Blog #2
Das chinesische Schulleben & die ersten Eindrücke
Die erste Woche des Praktikums an der „Shenzhen Second Foreign Languages School“ ist vergangen. Noch immer fällt es mir schwer, meine Gedanken und bisherigen Eindrücke von China und der Schule zu ordnen. In meinem ersten Blogeintrag habe ich bereits angedeutet, dass auch ich vom bekannt berüchtigten „Kulturschock“ betroffen war – und ehrlicherweise tatsächlich noch immer bin! An dieser Stelle möchte ich jedoch eigentlich ungerne den Begriff des „Schocks“ verwenden, da er für mich viel zu negativ ausgelegt wird. China, das Leben, die Schule, die Menschen und vor allen Dingen das Essen sind für mich nur anders und ungewohnt. Aus diesem Grund ordne ich die Erfahrungen an der Schule als neue, kulturelle und verwunderliche Momente ein :)

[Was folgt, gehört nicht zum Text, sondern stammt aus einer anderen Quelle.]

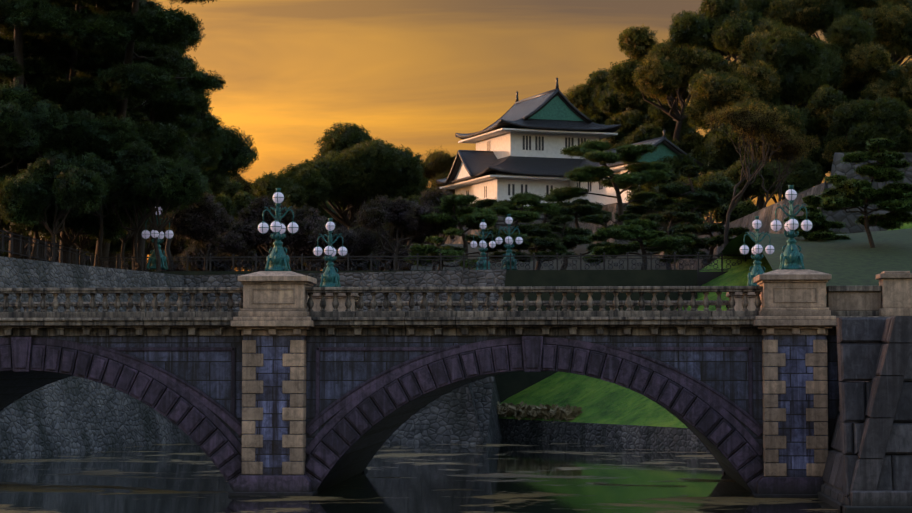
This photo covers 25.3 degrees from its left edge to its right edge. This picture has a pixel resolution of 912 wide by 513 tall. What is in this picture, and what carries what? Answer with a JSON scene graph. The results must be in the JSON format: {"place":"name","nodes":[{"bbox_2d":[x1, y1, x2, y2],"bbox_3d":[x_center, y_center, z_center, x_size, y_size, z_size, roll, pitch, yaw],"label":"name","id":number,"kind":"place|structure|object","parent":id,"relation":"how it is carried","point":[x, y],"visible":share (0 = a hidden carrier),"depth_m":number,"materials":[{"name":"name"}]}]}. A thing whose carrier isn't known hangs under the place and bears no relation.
{"place":"outdoors","nodes":[
{"label":"outdoors","id":0,"kind":"place"},
{"bbox_2d":[0,0,258,270],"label":"trees","id":1,"kind":"object","parent":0,"point":[184,147],"depth_m":115.87,"materials":[{"name":"green plant"}]},
{"bbox_2d":[0,256,505,457],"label":"bank wall","id":2,"kind":"structure","parent":0,"point":[73,414],"depth_m":96.86,"materials":[{"name":"grey stone"}]},
{"bbox_2d":[0,370,724,472],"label":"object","id":3,"kind":"object","parent":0,"point":[366,469],"depth_m":71.83,"materials":[{"name":"grey stone"}]},
{"bbox_2d":[0,336,823,497],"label":"bridge","id":4,"kind":"structure","parent":0,"point":[96,364],"depth_m":58.92,"materials":[{"name":"grey stone"}]},
{"bbox_2d":[0,438,842,512],"bbox_3d":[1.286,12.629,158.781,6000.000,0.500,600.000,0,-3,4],"label":"moat water","id":5,"kind":"structure","parent":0,"point":[506,475],"depth_m":64.02,"materials":[{"name":"liquid"}]},
{"bbox_2d":[0,320,844,492],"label":"bridge spandrel wall","id":6,"kind":"structure","parent":5,"relation":"on","point":[342,373],"depth_m":59.25,"materials":[{"name":"stone"}]},
{"bbox_2d":[446,286,501,444],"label":"bank wall","id":7,"kind":"structure","parent":5,"relation":"on","point":[494,431],"depth_m":104.61,"materials":[{"name":"grey stone"}]},
{"bbox_2d":[312,292,826,311],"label":"balustrade","id":8,"kind":"object","parent":5,"relation":"on","point":[738,298],"visible":0.04,"depth_m":70.95,"materials":[{"name":"beige stone"}]},
{"bbox_2d":[313,218,347,286],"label":"lamp","id":9,"kind":"object","parent":8,"relation":"on","point":[330,276],"visible":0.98,"depth_m":71.86,"materials":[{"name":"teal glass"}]},
{"bbox_2d":[0,300,826,311],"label":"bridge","id":10,"kind":"structure","parent":8,"relation":"on","point":[558,305],"depth_m":71.75,"materials":[{"name":"stone"}]},
{"bbox_2d":[739,216,774,285],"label":"lamp","id":11,"kind":"object","parent":8,"relation":"on","point":[756,251],"visible":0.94,"depth_m":70.90,"materials":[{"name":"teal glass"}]},
{"bbox_2d":[231,269,911,476],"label":"bridge pier","id":12,"kind":"structure","parent":5,"relation":"on","point":[793,301],"depth_m":58.18,"materials":[{"name":"beige stone"}]},
{"bbox_2d":[257,188,298,270],"bbox_3d":[-5.243,-0.764,59.931,0.972,2.504,0.972,3,-4,-41],"label":"lamp","id":13,"kind":"object","parent":12,"relation":"on","point":[277,259],"visible":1,"depth_m":59.81,"materials":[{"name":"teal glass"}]},
{"bbox_2d":[0,286,892,335],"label":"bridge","id":14,"kind":"structure","parent":12,"relation":"on","point":[438,322],"depth_m":59.01,"materials":[{"name":"stone"}]},
{"bbox_2d":[770,185,812,269],"bbox_3d":[9.725,-0.818,58.949,0.972,2.504,0.972,3,-4,-41],"label":"lamp","id":15,"kind":"object","parent":12,"relation":"on","point":[791,257],"visible":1,"depth_m":58.82,"materials":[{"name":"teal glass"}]},
{"bbox_2d":[836,317,911,504],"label":"abutment","id":16,"kind":"object","parent":5,"relation":"on","point":[859,341],"visible":0.67,"depth_m":52.45,"materials":[{"name":"stone"}]},
{"bbox_2d":[817,482,911,512],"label":"stone wall base","id":17,"kind":"object","parent":16,"relation":"attached to","point":[892,501],"visible":0.56,"depth_m":51.32,"materials":[{"name":"grey stone"}]},
{"bbox_3d":[25.594,4.449,54.229,29.750,5.580,6.450,0,-3,4],"label":"abutment","id":18,"kind":"object","parent":5,"relation":"on","visible":0},
{"bbox_2d":[821,316,911,502],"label":"stone wall","id":19,"kind":"structure","parent":18,"relation":"on","point":[893,359],"depth_m":51.79,"materials":[{"name":"stone"}]},
{"bbox_2d":[145,223,723,402],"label":"hill","id":20,"kind":"structure","parent":0,"point":[510,384],"depth_m":110.87,"materials":[{"name":"green plant"}]},
{"bbox_2d":[0,230,91,265],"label":"fence","id":21,"kind":"object","parent":20,"relation":"on","point":[77,254],"visible":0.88,"depth_m":105.66,"materials":[{"name":"black metal"}]},
{"bbox_2d":[141,205,173,269],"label":"street lamp","id":22,"kind":"object","parent":20,"relation":"on","point":[161,235],"visible":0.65,"depth_m":113.87,"materials":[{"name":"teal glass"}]},
{"bbox_2d":[125,161,456,270],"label":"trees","id":23,"kind":"object","parent":20,"relation":"on","point":[352,209],"visible":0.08,"depth_m":164.80,"materials":[{"name":"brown plant"}]},
{"bbox_2d":[1,122,431,270],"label":"green trees","id":24,"kind":"object","parent":23,"relation":"attached to","point":[354,162],"visible":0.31,"depth_m":236.37,"materials":[{"name":"green plant"}]},
{"bbox_2d":[7,186,474,270],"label":"trees","id":25,"kind":"object","parent":23,"relation":"on","point":[205,219],"visible":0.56,"depth_m":156.80,"materials":[{"name":"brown plant"}]},
{"bbox_2d":[214,146,457,207],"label":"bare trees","id":26,"kind":"object","parent":23,"relation":"on","point":[433,161],"visible":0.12,"depth_m":255.01,"materials":[{"name":"green plant"}]},
{"bbox_2d":[95,252,753,285],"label":"iron bridge rail","id":27,"kind":"object","parent":20,"relation":"on","point":[704,277],"visible":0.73,"depth_m":113.66,"materials":[{"name":"grey metal"}]},
{"bbox_2d":[470,220,495,269],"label":"street lamp","id":28,"kind":"object","parent":20,"relation":"on","point":[483,243],"visible":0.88,"depth_m":122.67,"materials":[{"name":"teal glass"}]},
{"bbox_2d":[495,214,522,269],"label":"street lamp","id":29,"kind":"object","parent":20,"relation":"on","point":[509,245],"visible":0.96,"depth_m":114.18,"materials":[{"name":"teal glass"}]},
{"bbox_2d":[434,203,686,243],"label":"keep base wall","id":30,"kind":"structure","parent":20,"relation":"on","point":[592,227],"depth_m":206.18,"materials":[{"name":"grey stone"}]},
{"bbox_2d":[404,114,911,269],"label":"pines","id":31,"kind":"object","parent":20,"relation":"on","point":[895,196],"depth_m":138.81,"materials":[{"name":"green plant"}]},
{"bbox_2d":[700,100,823,166],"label":"foliage","id":32,"kind":"object","parent":31,"relation":"attached to","point":[751,118],"visible":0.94,"depth_m":127.81,"materials":[{"name":"green plant"}]},
{"bbox_2d":[655,153,911,269],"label":"wall","id":33,"kind":"structure","parent":20,"relation":"on","point":[766,215],"depth_m":111.10,"materials":[{"name":"grey stone"}]},
{"bbox_2d":[147,0,911,270],"label":"sky","id":34,"kind":"structure","parent":0,"point":[415,74],"materials":[{"name":"orange"}]},
{"bbox_2d":[242,335,827,476],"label":"bridge pier","id":35,"kind":"structure","parent":0,"point":[795,428],"depth_m":57.97,"materials":[{"name":"grey stone"}]},
{"bbox_2d":[440,128,652,209],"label":"castle walls","id":36,"kind":"structure","parent":0,"point":[505,142],"depth_m":213.64,"materials":[{"name":"white paint"}]},
{"bbox_2d":[466,136,613,197],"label":"windows","id":37,"kind":"structure","parent":36,"relation":"in","point":[537,142],"depth_m":213.91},
{"bbox_2d":[436,78,702,185],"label":"keep roofs","id":38,"kind":"structure","parent":36,"relation":"on","point":[477,164],"depth_m":214.25,"materials":[{"name":"grey tile"}]},
{"bbox_2d":[504,95,677,161],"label":"keep gables","id":39,"kind":"object","parent":38,"relation":"attached to","point":[555,108],"visible":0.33,"depth_m":214.30,"materials":[{"name":"green metal"}]},
{"bbox_2d":[499,418,709,451],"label":"retaining wall","id":40,"kind":"structure","parent":0,"point":[675,438],"depth_m":97.06,"materials":[{"name":"grey stone"}]},
{"bbox_2d":[499,222,911,427],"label":"bank grass","id":41,"kind":"structure","parent":0,"point":[599,401],"depth_m":104.14,"materials":[{"name":"green plant"}]},
{"bbox_2d":[497,401,582,422],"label":"bushes","id":42,"kind":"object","parent":41,"relation":"on","point":[548,412],"depth_m":103.65,"materials":[{"name":"brown"}]},
{"bbox_2d":[584,0,911,236],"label":"trees","id":43,"kind":"object","parent":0,"point":[812,68],"depth_m":215.06,"materials":[{"name":"green plant"}]},
{"bbox_2d":[563,0,911,164],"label":"trees","id":44,"kind":"object","parent":43,"relation":"attached to","point":[660,73],"visible":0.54,"depth_m":219.60,"materials":[{"name":"green plant"}]},
{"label":"terrace","id":45,"kind":"structure","parent":0,"visible":0},
{"bbox_2d":[716,228,911,299],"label":"terrace grass","id":46,"kind":"structure","parent":45,"relation":"on","point":[855,259],"depth_m":85.16,"materials":[{"name":"green plant"}]}
]}

Angekommen in Shenzhen, einer zwölf Millionen Metropole im Süden Chinas, war ich zunächst erschlagen von der Temperatur, als ich aus dem Flugzeug stieg. Das Wetter in Shanghai war schon angenehm warm und – verglichen zum deutschen Wetter im Oktober –sehr sommerlich. Doch Shenzhen war drückend heiß. Für mich als Hochsommerbegeisterte definitiv das Richtige. Am Flughafen traf ich endlich die Deutschlehrerin der Schule, welche mich während meiner nächsten zwei Monate betreuen sollte. Meine enorme Aufregung und die vielen Fragen im Kopf waren zum Glück schnell verflogen, als ich die freundliche und sehr hilfsbereite junge Frau kennenlernte. Lediglich eins wunderte mich – und wahrscheinlich sie auch über mich. Um sich von den Sonnenstrahlen zu schützen, bedeckte sich die Frau mit einem Sonnenschirm in jeden Moment als wir draußen waren. Ich hingegen wählte den Weg zum Auto so, dass ich möglichst viel Sonne abbekam. Das ist doch wirklich total interessant, wie sich die Bedürfnisse und Schönheitsideale von Land zu Land unterscheiden!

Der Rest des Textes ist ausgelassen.